Moonshine audio and ViT/DINO vision already default to `quantize_weights='int8'` through `optimum.quanto`, then freeze parameters. If `optimum.quanto` is unavailable, they fall back to frozen BF16; that fallback is not strict ternary, but it is frozen imported sidecar state rather than trainable model state.

## New Kernel Support

Added a Triton denoise-step kernel for `VideoHead`:

```text
latent = (latent - (1 - alpha) * pred_noise) / sqrt(alpha)
```

Forward and backward are Triton-backed on CUDA. The ACT-style diffusion loop remains because it controls halting and repeated shared-weight denoising, but the per-step latent update is now one custom kernel.

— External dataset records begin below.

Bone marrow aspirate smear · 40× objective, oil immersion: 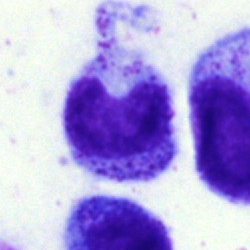
Q: What type of cell is this?
A: This is a metamyelocyte.
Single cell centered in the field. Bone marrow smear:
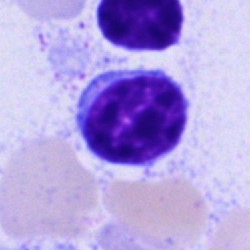
The morphological class is lymphocyte.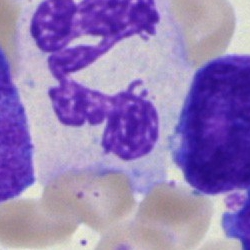Single cell identified as a polymorphonuclear neutrophil.
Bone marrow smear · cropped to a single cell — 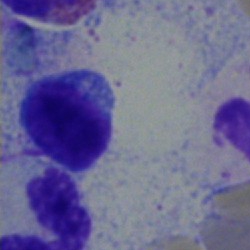

Cell = typical lymphocyte.
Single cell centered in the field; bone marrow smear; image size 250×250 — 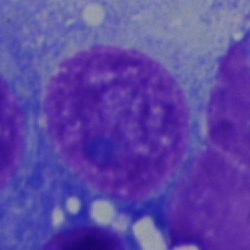
The cell is plasma cell.
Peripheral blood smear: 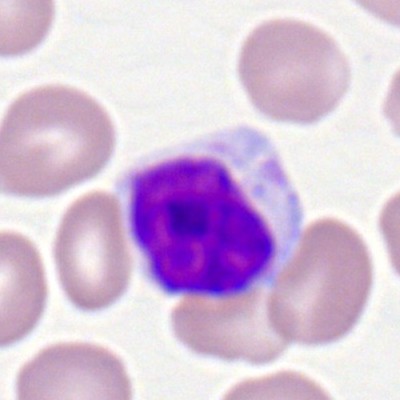
Specimen: peripheral blood film.
Cell type: lymphocyte.
Lineage: lymphoid.

Correctness against PyTorch:

```text
video_denoise_fwd_maxdiff:         7.15e-07
video_denoise_grad_latent_maxdiff: 4.77e-07
video_denoise_grad_pred_maxdiff:   1.79e-07
```

## Model-Level Verification

Package compile:

```text
python -m py_compile arbitor/components.py arbitor/sequencers.py arbitor/encoders/audio.py arbitor/encoders/pig_vae.py arbitor/main.py arbitor/vq.py arbitor/kernel/ternary_scale.py arbitor/kernel/ternary_audit.py
```

ARBModel with image/audio imports disabled, VQ/Graph/Memory/MoE/output heads enabled:

```text
logical ternary weights: 41,087,552
ternary training state: 53.65 MB
trainable float params: 0
frozen float params: 0
float buffers: 0
```

Smokes:

```text
arb_model_cpu_forward_ok logits=(2, 8, 297), indices=(2, 8)
arb_model_cuda_train_smoke_ok logits=(2, 8, 297), targets=(2, 7), loss=12.1709
```

The CUDA smoke completed forward, backward, and `_ternary_update_memory()`.

## Remaining Work

1. Add a strict sidecar audit mode that reports imported quantized sidecars separately from core ternary state.
2. Add tests that instantiate Moonshine/ViT only when cached locally, to avoid network-dependent CI.
3. Consider a true ternary transposed-conv replacement if `TinyNeuralCodec` is promoted from lazy frozen sidecar to trainable core model component.
4. The VideoHead diffusion control loop is still Python-level. Full fusion would require a fixed-step, no-break kernel variant or a persistent CUDA kernel, which is a larger design change.